Hacker News new | ask | show | jobs
by wizofaus 1197 days ago
I'm with you - the violations of DRY I still see regularly are clear cases of copying and pasting exactly the same logic (or magic literal value) when there was no reason not to put it in a helper function or named constant that could be referred to in both places. A code review I did yesterday had that - there were 5 or 6 lines of code that, starting with a particular regex, did some data massaging. It was determined in some cases a different reg-ex was needed for a second pass over the data, and so the submitter had simply copied the 5-6 lines of code and just changed the reg-ex used. I see that sort of thing 20 or 30 times more often than code that gets itself into knots because of excessive abstraction trying to avoid code repetition.
2 comments

Some people feel productive when they can type a bunch of code quickly. And the only way to do that is to get muscle memory for writing the same code over and over and over.
I think I can categorically state that virtually every DRY violation I've come across involved little more typing than Ctrl+C Ctrl+V.
I’ve dealt with a few bad coding patterns over the years that were not copy and paste.

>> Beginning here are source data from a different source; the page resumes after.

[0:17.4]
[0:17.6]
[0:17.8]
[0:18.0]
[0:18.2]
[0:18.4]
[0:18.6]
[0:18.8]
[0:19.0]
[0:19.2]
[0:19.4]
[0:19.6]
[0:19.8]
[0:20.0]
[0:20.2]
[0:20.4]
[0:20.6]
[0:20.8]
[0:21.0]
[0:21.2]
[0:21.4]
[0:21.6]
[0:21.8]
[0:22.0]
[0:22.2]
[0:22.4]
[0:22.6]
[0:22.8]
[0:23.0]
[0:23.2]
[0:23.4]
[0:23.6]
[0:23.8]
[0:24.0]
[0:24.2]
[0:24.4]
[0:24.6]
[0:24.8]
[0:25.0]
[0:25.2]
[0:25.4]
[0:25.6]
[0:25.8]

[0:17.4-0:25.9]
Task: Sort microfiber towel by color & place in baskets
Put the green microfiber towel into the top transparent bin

Though there have been a couple memorable occasions where I had to completely remove a bad pattern from the code to get people to stop using it.

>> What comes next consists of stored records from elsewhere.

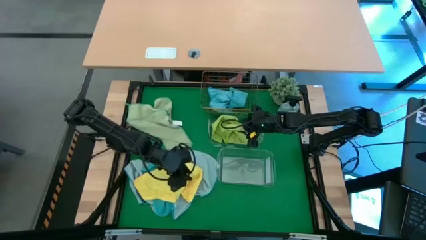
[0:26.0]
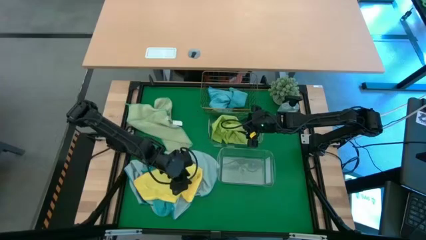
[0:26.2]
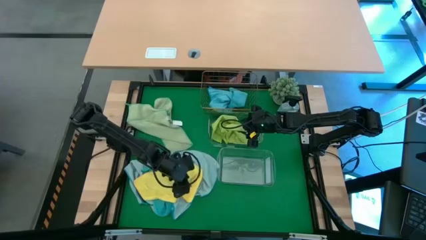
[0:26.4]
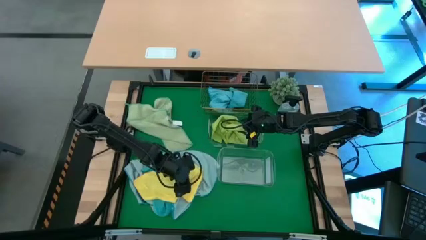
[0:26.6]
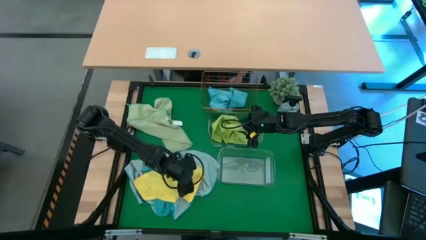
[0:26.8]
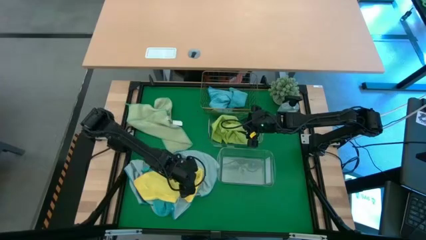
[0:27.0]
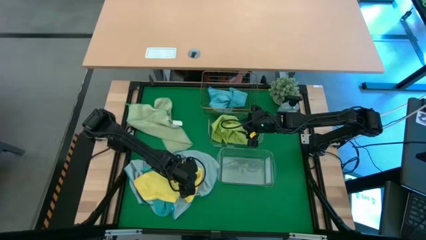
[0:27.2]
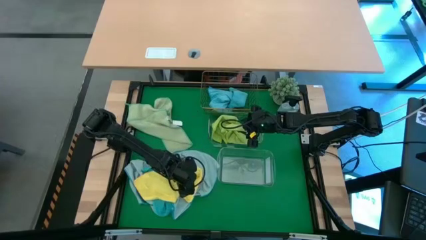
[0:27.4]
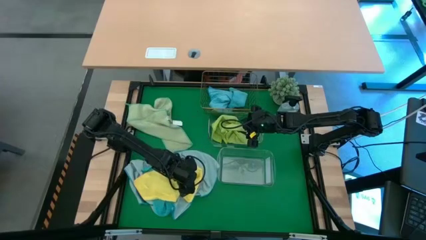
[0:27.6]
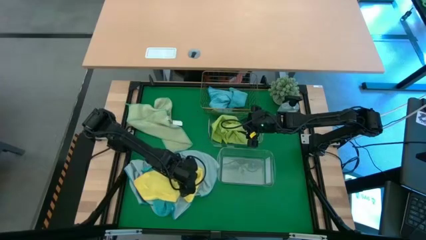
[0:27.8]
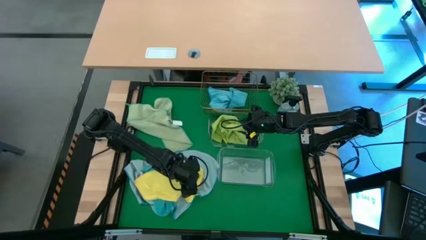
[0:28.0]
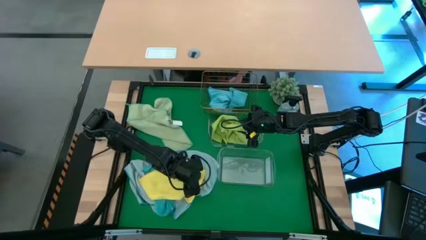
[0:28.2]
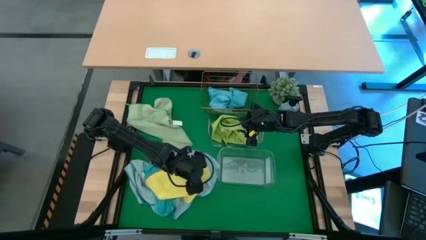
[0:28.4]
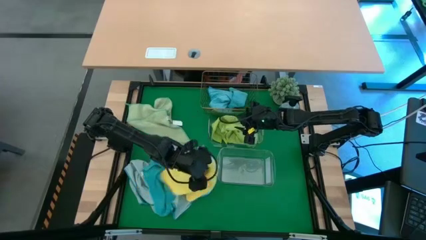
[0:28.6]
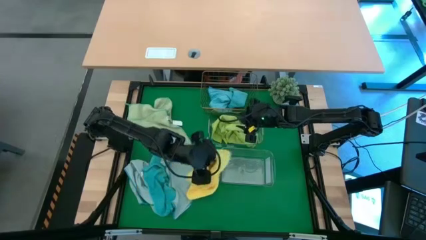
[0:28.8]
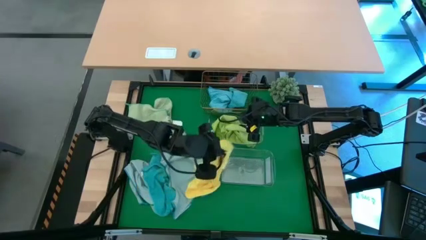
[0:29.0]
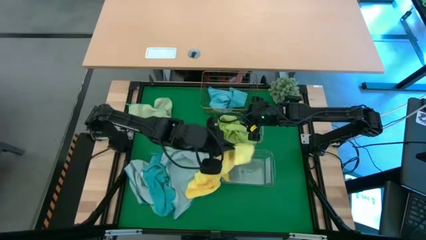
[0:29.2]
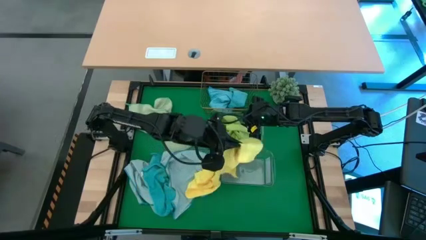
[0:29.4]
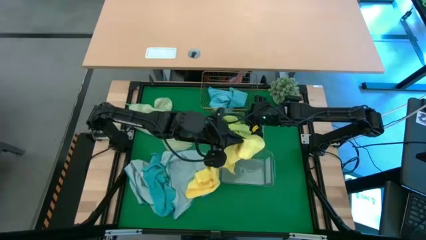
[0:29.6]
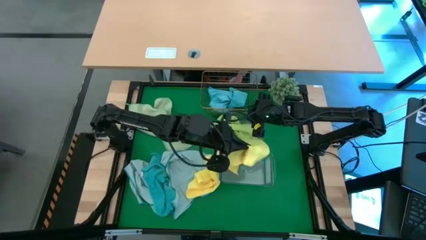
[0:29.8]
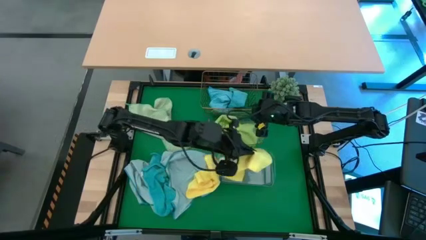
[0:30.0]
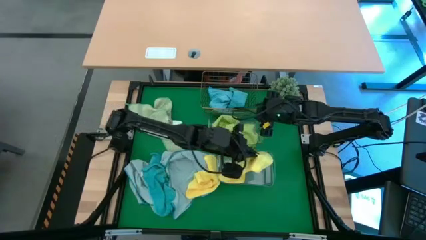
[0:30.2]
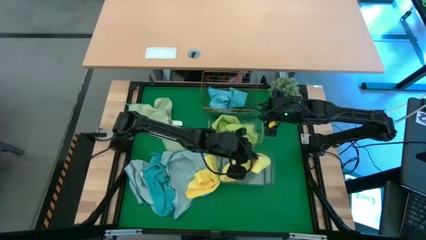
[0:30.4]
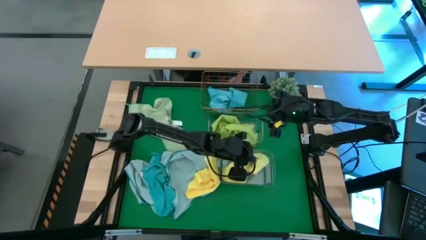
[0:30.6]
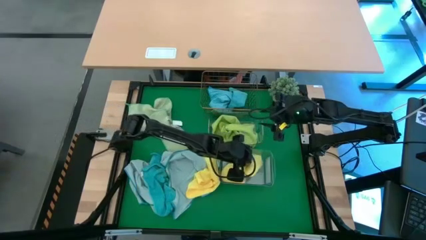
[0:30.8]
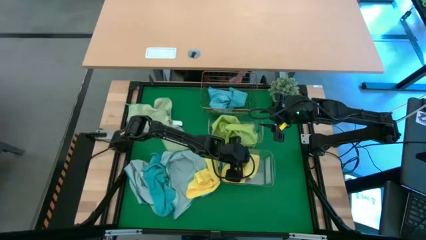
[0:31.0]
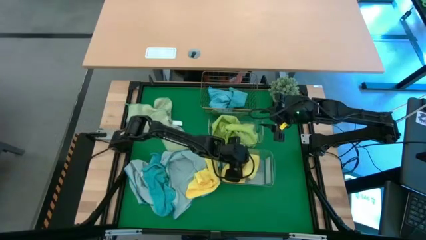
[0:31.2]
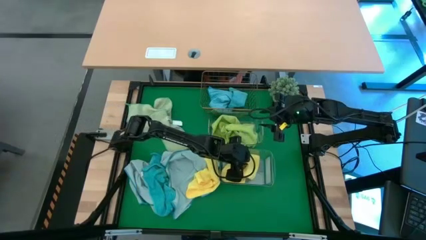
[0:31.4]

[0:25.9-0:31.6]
Put the yellow microfiber towel into the bottom transparent bin

To be fair, in your example it sounds like the repetition is very local and easily recognised for what it is. Not ideal, but hardly a poster child for when DRY is impactful.

If the change was otherwise good, I would remark on the repetition as "here's how I would write it differently" and not "go back and fix it now".

The first time someone changes four of the cases the same way but misses the fifth, though. That sounds like a good time to refactor.

Just came across another slightly more interesting example. We have code that has to do essentially the same thing for three different document types: it loops through a passed-in list and for each item, adds an object to a document, then initialises that object with details from the item. The "logic" in all 3 cases is exactly the same, yet there were 3 different implementations, one for each document type. The only difference between the 3 is that the function you need to call to add the object is different for each document type, and the library we're using (the MS DocumentFormat.OpenXml library as it happens) doesn't provide an abstraction for just calling the same function regardless of document type. In fact, creating such an abstraction wouldn't be complex at all - if you look at the decompiled MS source, they've basically implemented the same function 3 times, but using an internal function not available to us. As it happens there was a bug in our initialisation code (missing null check!), but of course it was duplicated across all 3 functions. I basically had 3 options:

    a) make the same null check fix in all 3 versions, thus resulting in 3 even longer functions with the same logic
    b) collapse all 3 functions into one and provide an abstraction for the "adding object to document" part
    c) refactor the 3 functions to use the same helper function just to do the object initialisation
In the end I went with c) because it required the least amount of code, and the only genuine duplication really is the foreach statement. But arguably if MS had kept their library DRY in the first place we would never have ended up with so much code duplication.
This is a significantly better example! When non-DRYness leaks out over interfaces it becomes much more of a problem.